[Opening Material shown section]

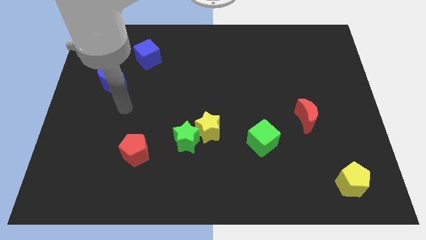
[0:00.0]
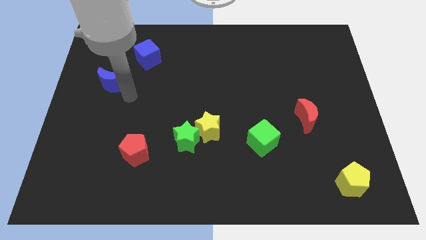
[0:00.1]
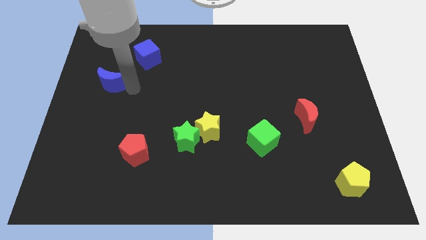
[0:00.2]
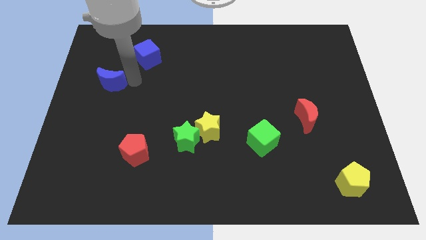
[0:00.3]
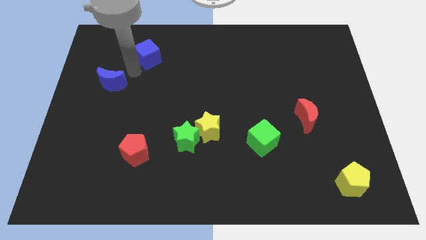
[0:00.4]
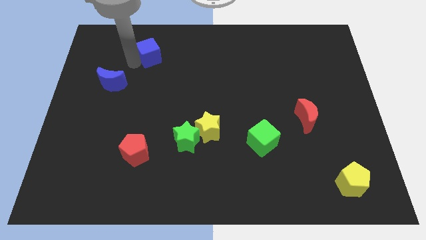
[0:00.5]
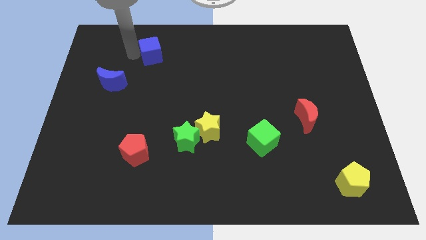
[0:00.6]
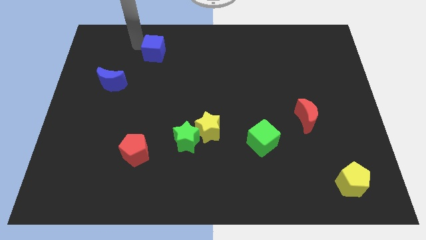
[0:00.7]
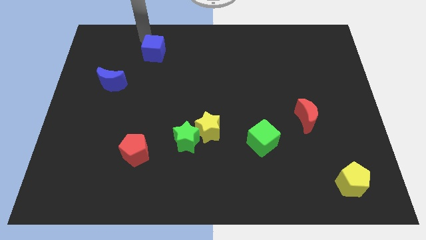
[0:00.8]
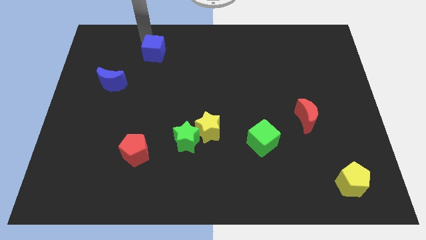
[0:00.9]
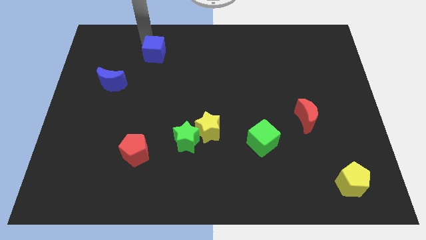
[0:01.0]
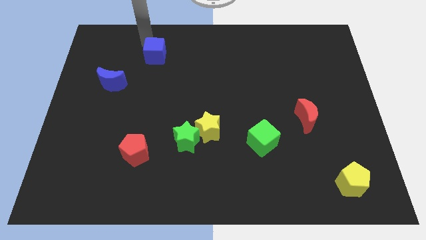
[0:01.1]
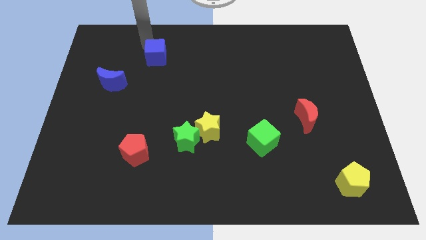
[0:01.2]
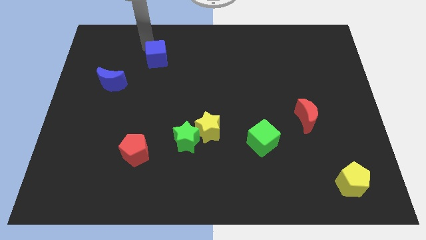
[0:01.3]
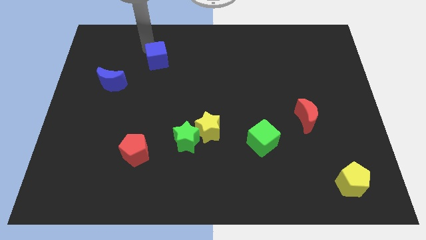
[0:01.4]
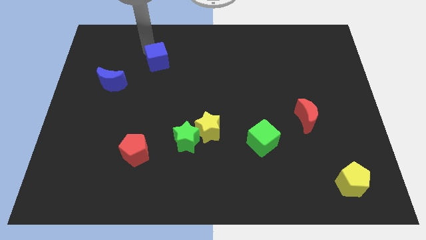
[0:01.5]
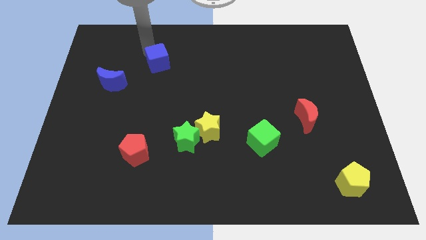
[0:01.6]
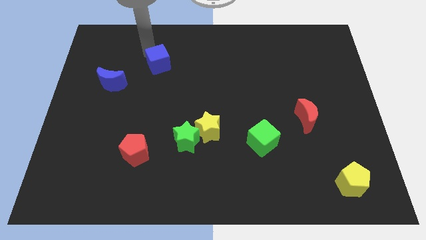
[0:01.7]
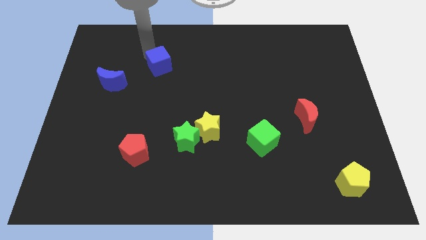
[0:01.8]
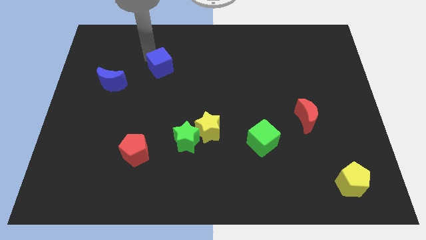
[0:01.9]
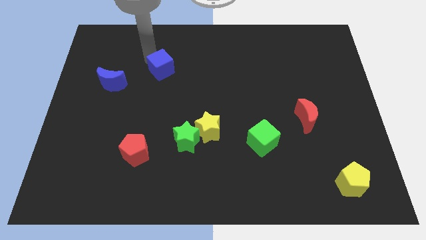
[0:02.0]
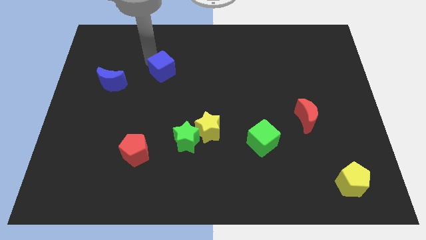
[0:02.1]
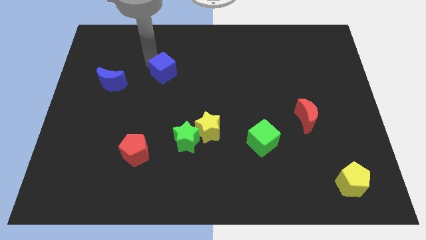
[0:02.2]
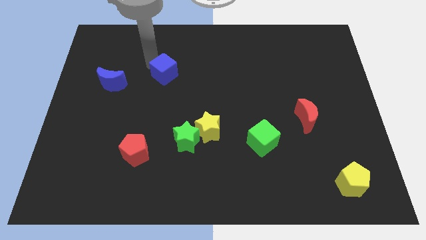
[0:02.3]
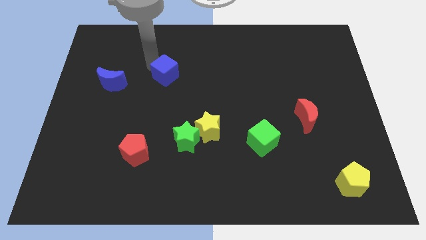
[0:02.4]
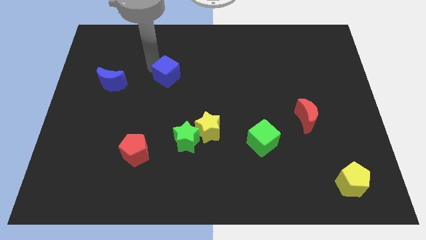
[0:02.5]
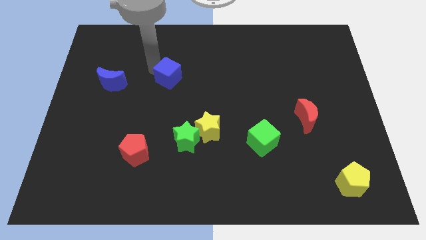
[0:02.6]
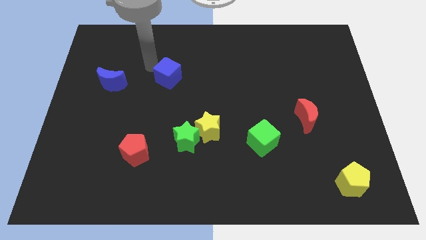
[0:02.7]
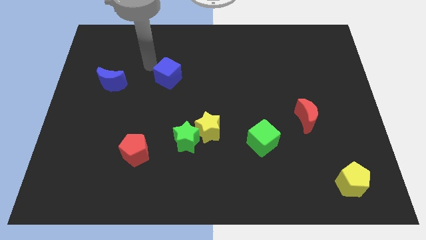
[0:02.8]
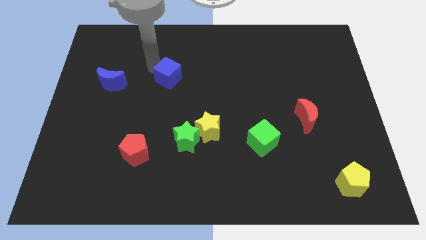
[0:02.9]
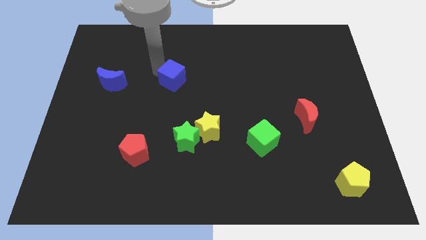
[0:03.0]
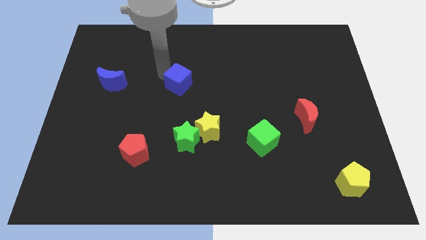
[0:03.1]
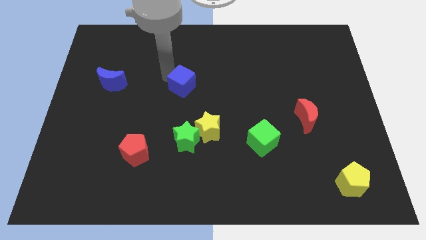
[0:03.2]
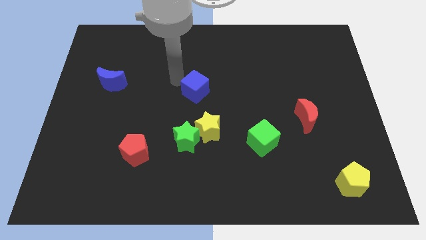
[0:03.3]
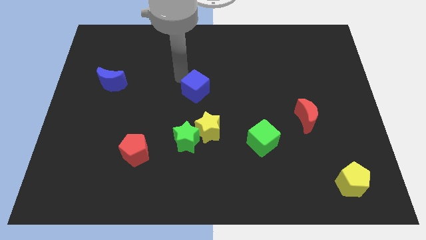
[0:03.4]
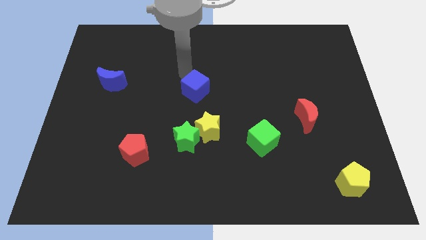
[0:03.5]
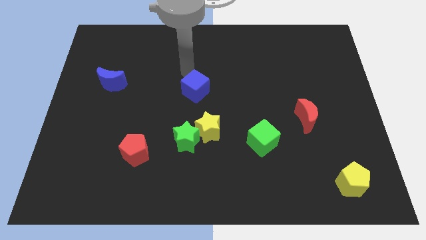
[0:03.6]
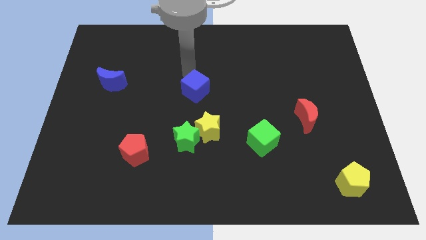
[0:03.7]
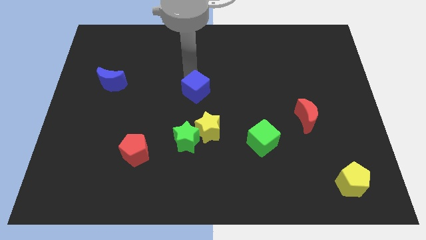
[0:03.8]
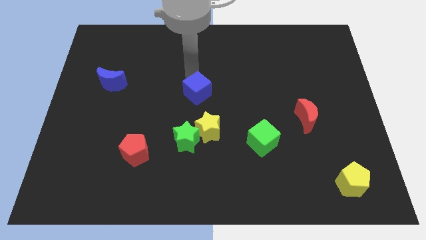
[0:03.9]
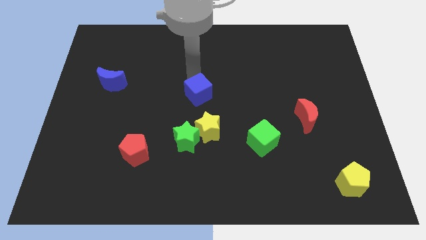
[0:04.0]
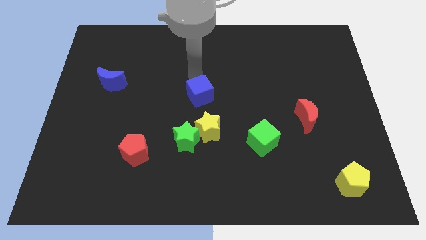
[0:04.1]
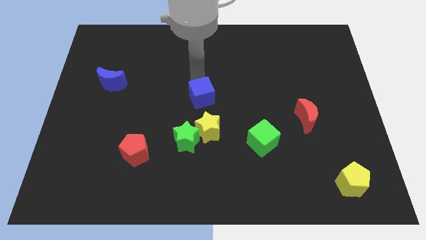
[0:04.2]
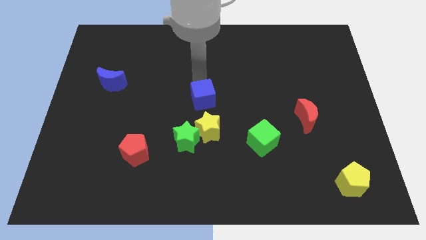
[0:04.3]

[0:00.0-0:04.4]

[Closing Material shown section]

Work order -> The entire listing above, minus its pictures, should be copied out exactly.

Solution for this problem ->
[0:00.0]
[0:00.1]
[0:00.2]
[0:00.3]
[0:00.4]
[0:00.5]
[0:00.6]
[0:00.7]
[0:00.8]
[0:00.9]
[0:01.0]
[0:01.1]
[0:01.2]
[0:01.3]
[0:01.4]
[0:01.5]
[0:01.6]
[0:01.7]
[0:01.8]
[0:01.9]
[0:02.0]
[0:02.1]
[0:02.2]
[0:02.3]
[0:02.4]
[0:02.5]
[0:02.6]
[0:02.7]
[0:02.8]
[0:02.9]
[0:03.0]
[0:03.1]
[0:03.2]
[0:03.3]
[0:03.4]
[0:03.5]
[0:03.6]
[0:03.7]
[0:03.8]
[0:03.9]
[0:04.0]
[0:04.1]
[0:04.2]
[0:04.3]

[0:00.0-0:04.4]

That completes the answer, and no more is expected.